The Leviathan city was a teeming variety of culture. Uniform wasn’t even in the vocabulary when describing this city. There were no two copies of a thing to be found anywhere. Hundreds of different alien species mingled about without a second glance at each other. Dozens of architectural styles were on display among a thousand buildings or more. Even determining what street you were on became a challenge as they grew more and more densely packed the closer we came to the center of the city. If such a distinction could even be determined.

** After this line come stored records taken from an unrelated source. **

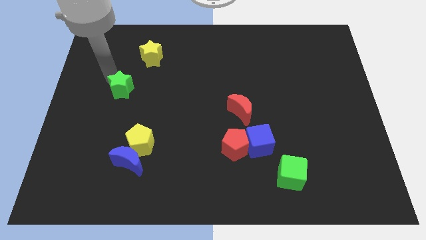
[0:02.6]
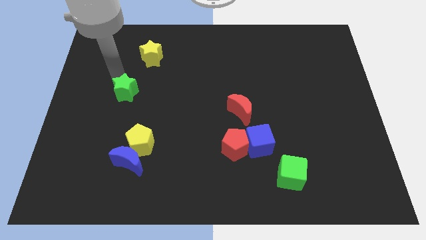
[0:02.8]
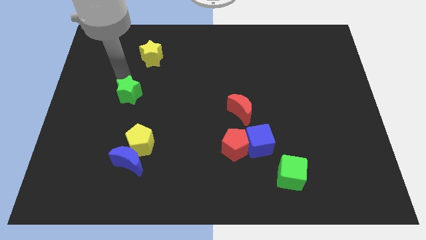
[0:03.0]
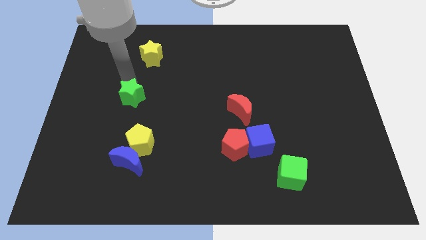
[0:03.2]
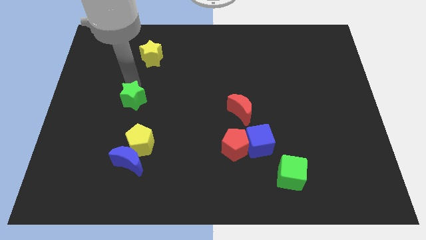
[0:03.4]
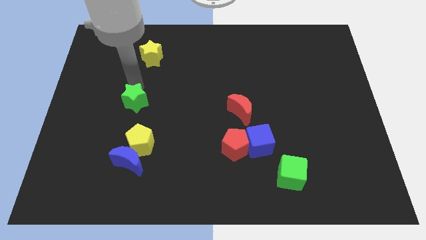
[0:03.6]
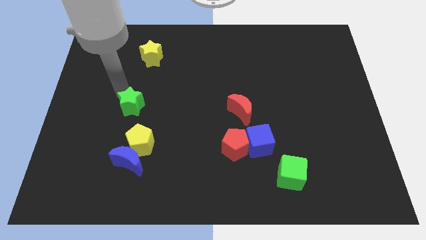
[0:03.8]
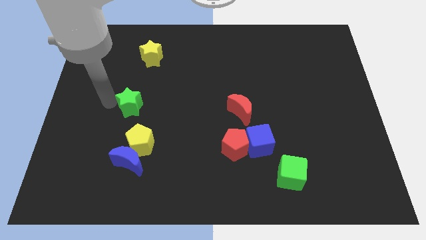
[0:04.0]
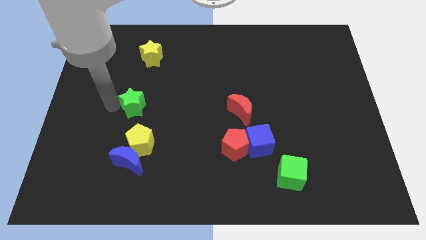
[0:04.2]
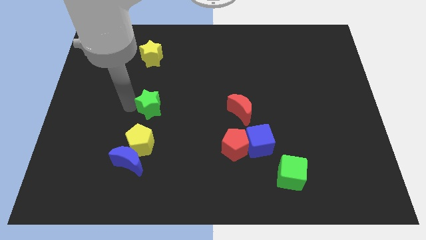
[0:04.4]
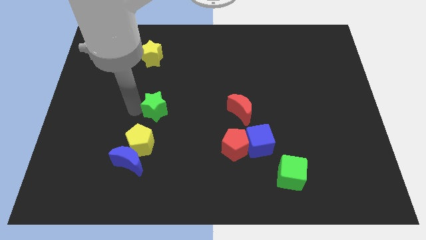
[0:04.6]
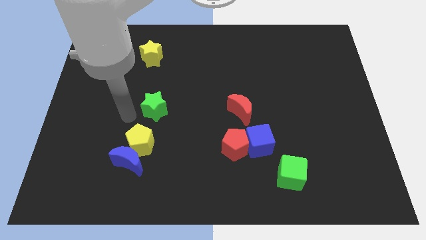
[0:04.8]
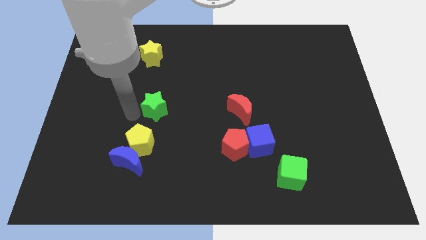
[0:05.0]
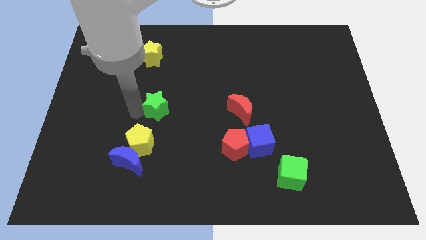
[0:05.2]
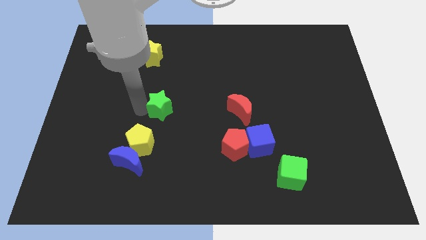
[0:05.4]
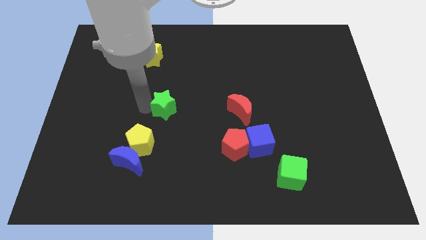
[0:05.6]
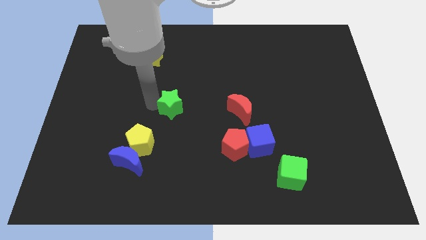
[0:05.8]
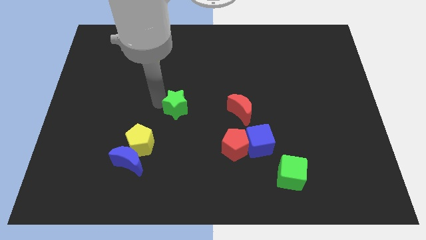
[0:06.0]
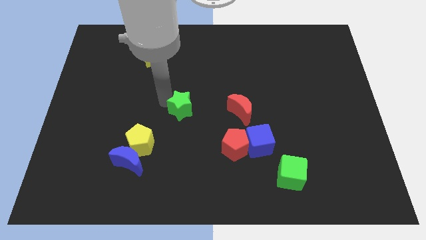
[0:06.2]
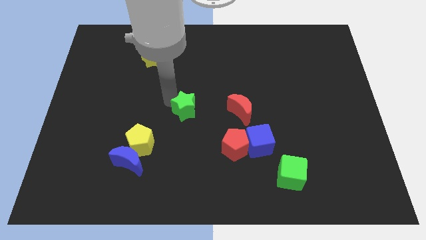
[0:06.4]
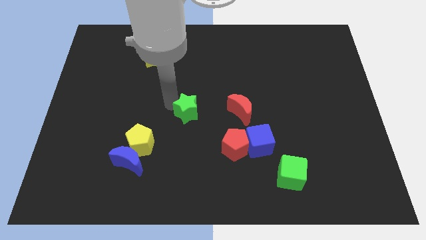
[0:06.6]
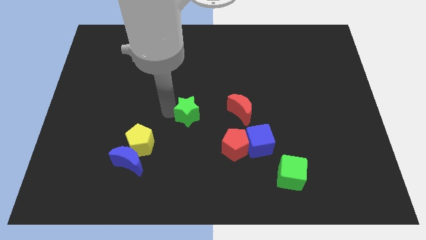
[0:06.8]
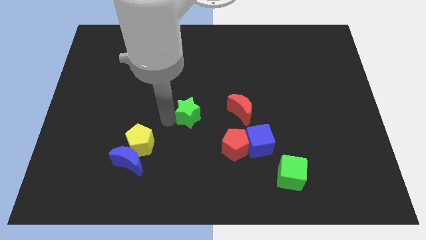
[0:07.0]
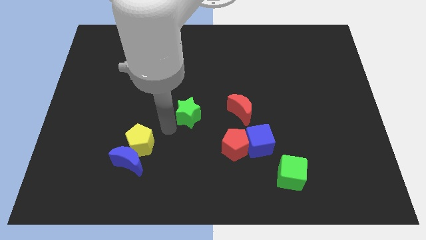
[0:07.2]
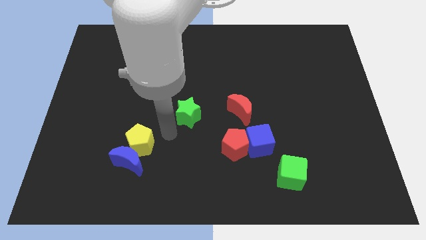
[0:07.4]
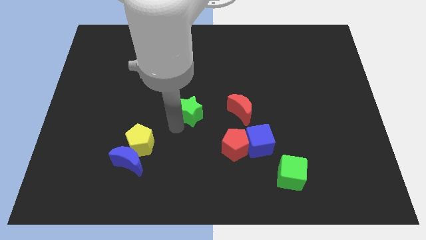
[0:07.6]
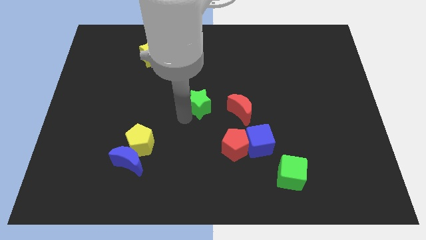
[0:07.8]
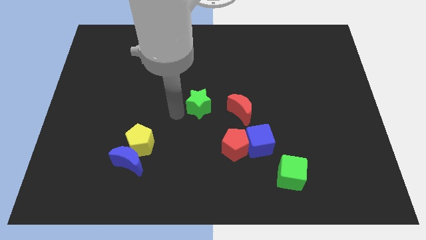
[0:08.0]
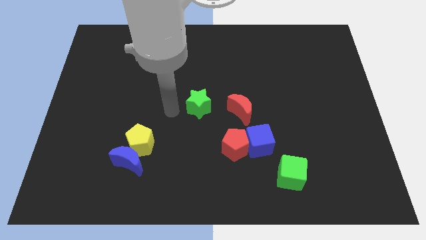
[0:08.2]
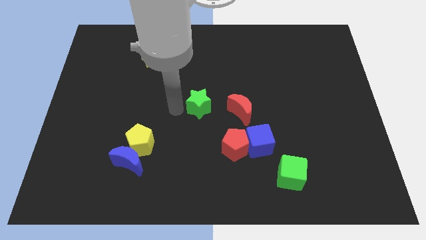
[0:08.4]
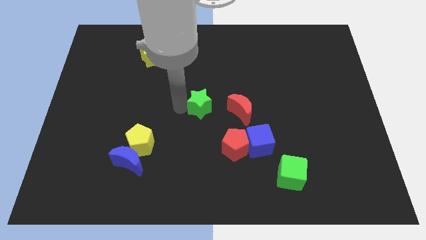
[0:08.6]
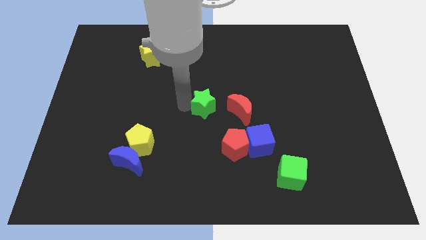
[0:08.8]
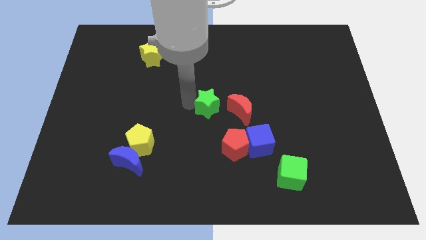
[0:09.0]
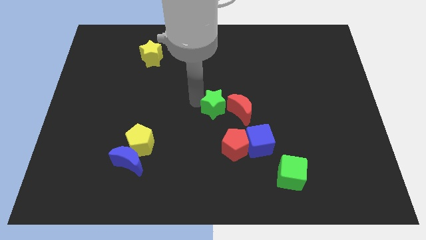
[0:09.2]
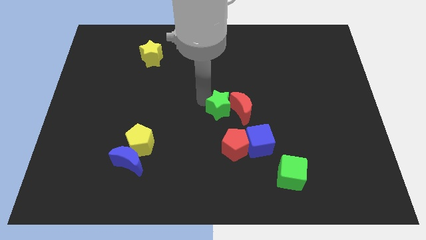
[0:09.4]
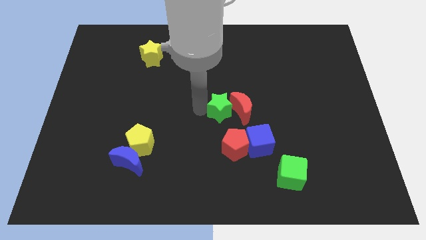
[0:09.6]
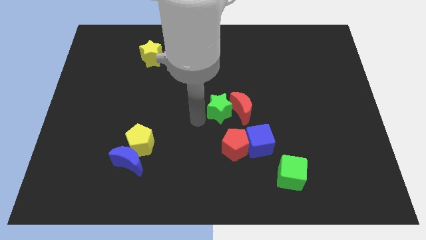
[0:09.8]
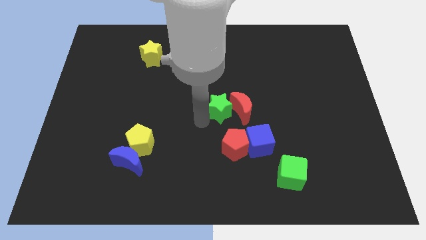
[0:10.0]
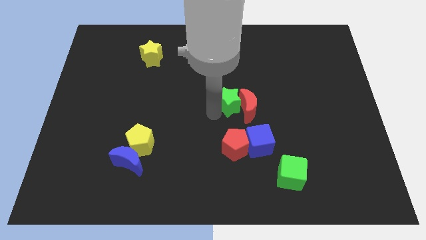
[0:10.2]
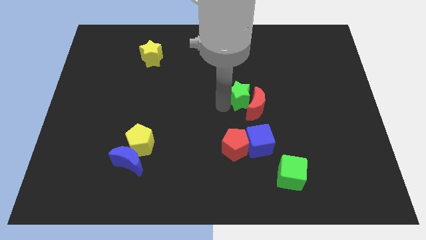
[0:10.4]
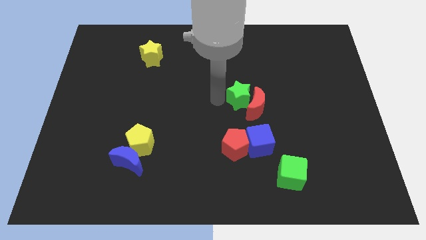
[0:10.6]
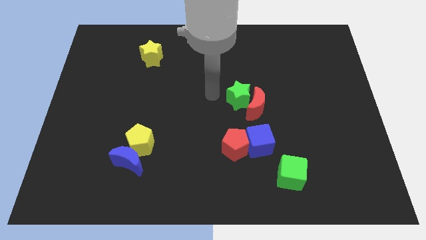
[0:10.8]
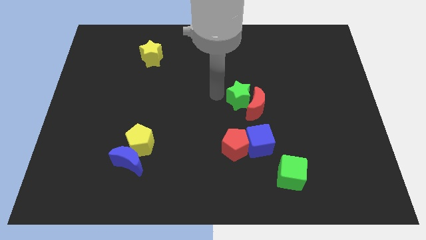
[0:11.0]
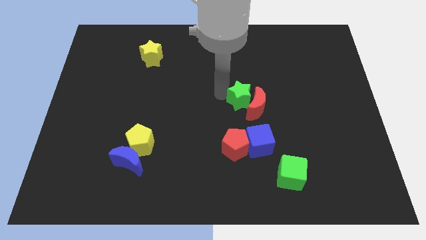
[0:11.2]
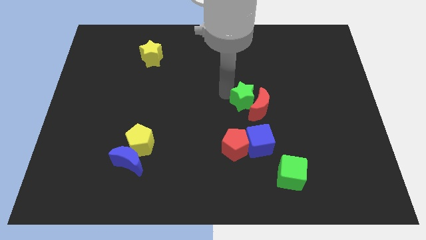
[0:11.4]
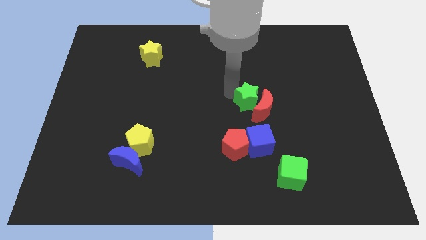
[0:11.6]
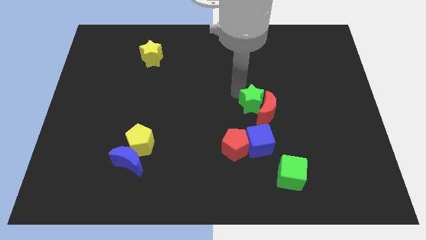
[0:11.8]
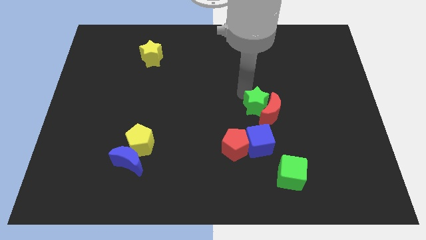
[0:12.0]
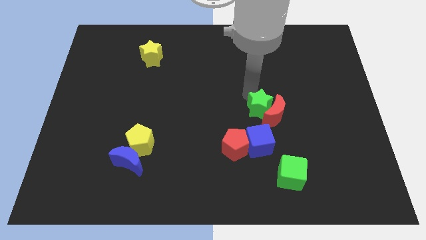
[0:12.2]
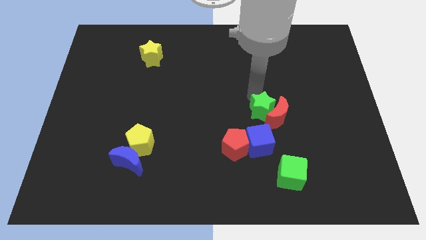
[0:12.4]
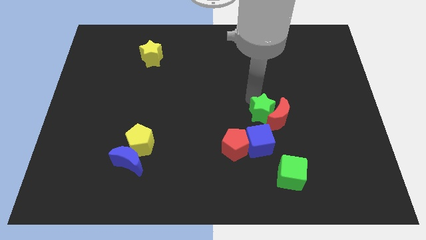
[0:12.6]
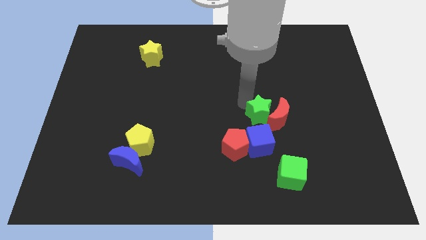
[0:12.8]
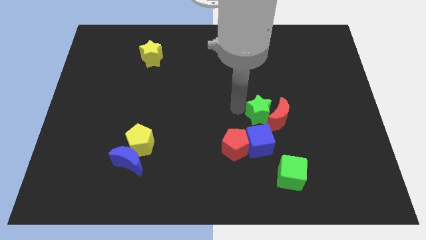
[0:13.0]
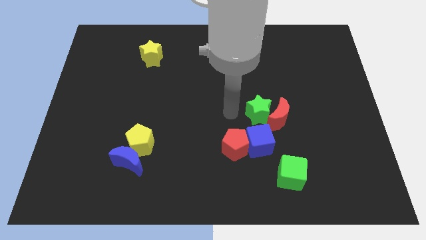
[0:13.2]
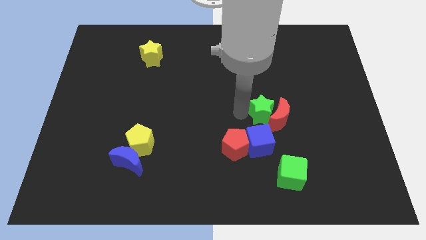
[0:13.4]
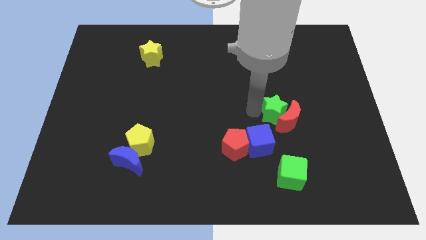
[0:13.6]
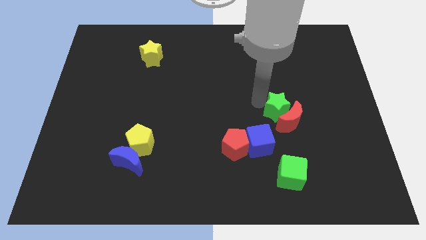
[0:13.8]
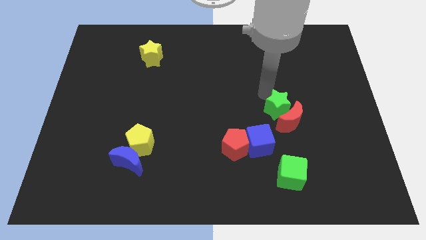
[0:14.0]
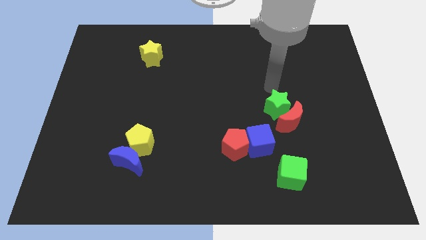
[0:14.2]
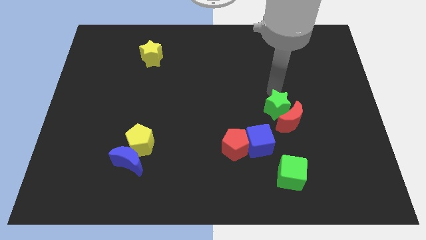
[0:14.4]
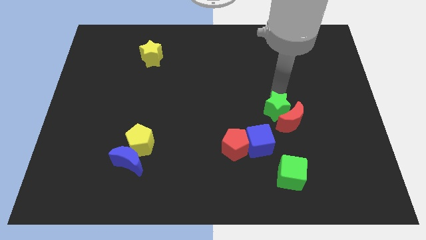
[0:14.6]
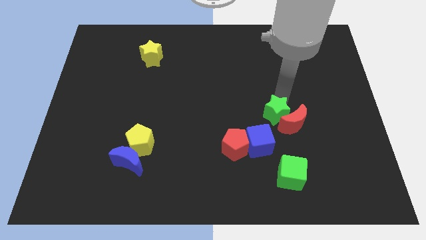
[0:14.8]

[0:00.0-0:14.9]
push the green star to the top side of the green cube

And Guhle drifted through it with ease. Never pausing to gawk in amazement or stare in confusion. Better yet, he led with ease. While I would glance around and be drawn this way or that by some unexpected sight, he would press determinedly onward, forcing me to refocus my attention on movement — a constant in this place, it seemed.
Even when he disappeared into the crowd, seamlessly blending in among the inhabitants, he would soon reappear without warning and in the exact proper place for me to notice him and resume my discipleship to his path.
Through it all, I wondered where we might be going, and how Guhle knew the city so well. Clearly, he had to have visited before. Perhaps even lived here. I often got the sense from Guhle that he had had a long and varied career as a pilot before joining the captain and crew aboard Bessie.
In any case, we continued on, passing a menagerie of sights and sounds until it seemed more like I was at one of the carnivals of my youth, rather than a city of wonders drifting through the depths of space dozens of lightyears away.